WIENIAWSKI. CONUS Violin Concertos

Debut disc for the Korean Rothschild Prize-winner

Record and Artist Details

Composer or Director: Henry Vieuxtemps, Julius Conus, Henryk Wieniawski

Genre:

Orchestral

Label: Onyx

Media Format: CD or Download

Media Runtime: 69

Mastering:

Stereo
DDD

Catalogue Number: ONYX4109

Tracks:

Composition Artist Credit
Concerto for Violin and Orchestra No. 1 Henryk Wieniawski, Composer
Henryk Wieniawski, Composer
Nicholas Milton, Conductor, Violin
Rheinland-Pfalz State Philharmonic Orchestra
Soo-Hyun Park, Musician, Violin
Concerto for Violin and Orchestra Julius Conus, Composer
Julius Conus, Composer
Nicholas Milton, Conductor, Violin
Rheinland-Pfalz State Philharmonic Orchestra
Soo-Hyun Park, Musician, Violin
Fantasia appassionata Henry Vieuxtemps, Composer
Henry Vieuxtemps, Composer
Nicholas Milton, Conductor, Violin
Rheinland-Pfalz State Philharmonic Orchestra
Soo-Hyun Park, Musician, Violin
Wieniawski’s First Concerto, composed when he was just 17, shows the young violinist’s ambition to scale the heights of virtuosity and is a worthy partner to its better-known successor. Soo-Hyun Park embraces all the challenges without turning a hair, and also contrives to give Wieniawski’s passagework an expressive and poetic quality – by playing very delicately, perhaps, or by attacking a particular phrase with unusual vigour. In the finale, the pauses in the main theme are wittily extended, and for the cantabile subsidiary melody she finds a wonderfully warm, slightly veiled tone. In her imaginative approach she outshines Charlie Siem – just as impressive as a virtuoso but, in his response to the work’s contrasts, less varied.

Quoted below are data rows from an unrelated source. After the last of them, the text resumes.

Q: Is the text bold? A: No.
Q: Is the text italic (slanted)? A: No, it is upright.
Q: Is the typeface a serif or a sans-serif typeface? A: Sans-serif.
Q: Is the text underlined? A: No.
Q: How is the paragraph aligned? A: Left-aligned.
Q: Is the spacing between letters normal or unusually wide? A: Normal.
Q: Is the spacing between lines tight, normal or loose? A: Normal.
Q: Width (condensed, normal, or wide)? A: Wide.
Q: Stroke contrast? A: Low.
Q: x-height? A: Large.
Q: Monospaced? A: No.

Park’s reflective approach to the Vieuxtemps results in a beautiful performance that’s certainly not short of vivacity but maybe it doesn’t capture the work’s extrovert theatricality as perfectly as does Viviane Hagner’s. A curious difference in the recordings: at the start of the B major Largo section, Hagner introduces the melody, whereas Park leaves it to clarinet and flute.

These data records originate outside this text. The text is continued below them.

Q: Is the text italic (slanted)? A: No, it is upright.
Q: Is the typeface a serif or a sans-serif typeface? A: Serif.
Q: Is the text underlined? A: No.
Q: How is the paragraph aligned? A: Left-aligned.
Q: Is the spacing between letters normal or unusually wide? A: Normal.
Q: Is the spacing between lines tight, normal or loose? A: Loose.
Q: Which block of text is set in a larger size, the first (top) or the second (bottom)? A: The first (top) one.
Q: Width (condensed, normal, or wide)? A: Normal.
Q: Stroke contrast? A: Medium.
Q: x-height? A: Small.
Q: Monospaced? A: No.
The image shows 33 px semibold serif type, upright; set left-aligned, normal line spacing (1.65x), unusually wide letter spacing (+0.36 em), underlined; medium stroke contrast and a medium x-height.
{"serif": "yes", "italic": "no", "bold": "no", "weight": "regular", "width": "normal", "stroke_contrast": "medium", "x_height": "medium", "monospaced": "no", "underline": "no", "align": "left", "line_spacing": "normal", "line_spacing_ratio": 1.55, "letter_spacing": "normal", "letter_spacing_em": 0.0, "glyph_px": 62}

Julius Conus’s 1896 Concerto, taken up by Kreisler and Heifetz, and recorded more recently by David Garrett, is still a rarity. Though short of memorable ideas, it’s most effectively written for the violin and has an attractive idiom with suggestions of Tchaikovsky, Rachmaninov (a close friend) and even Delius in the dreamy slow movement. Soo-Hyun Park’s playing is again beautiful and full of character. The accompaniments, too, are excellent.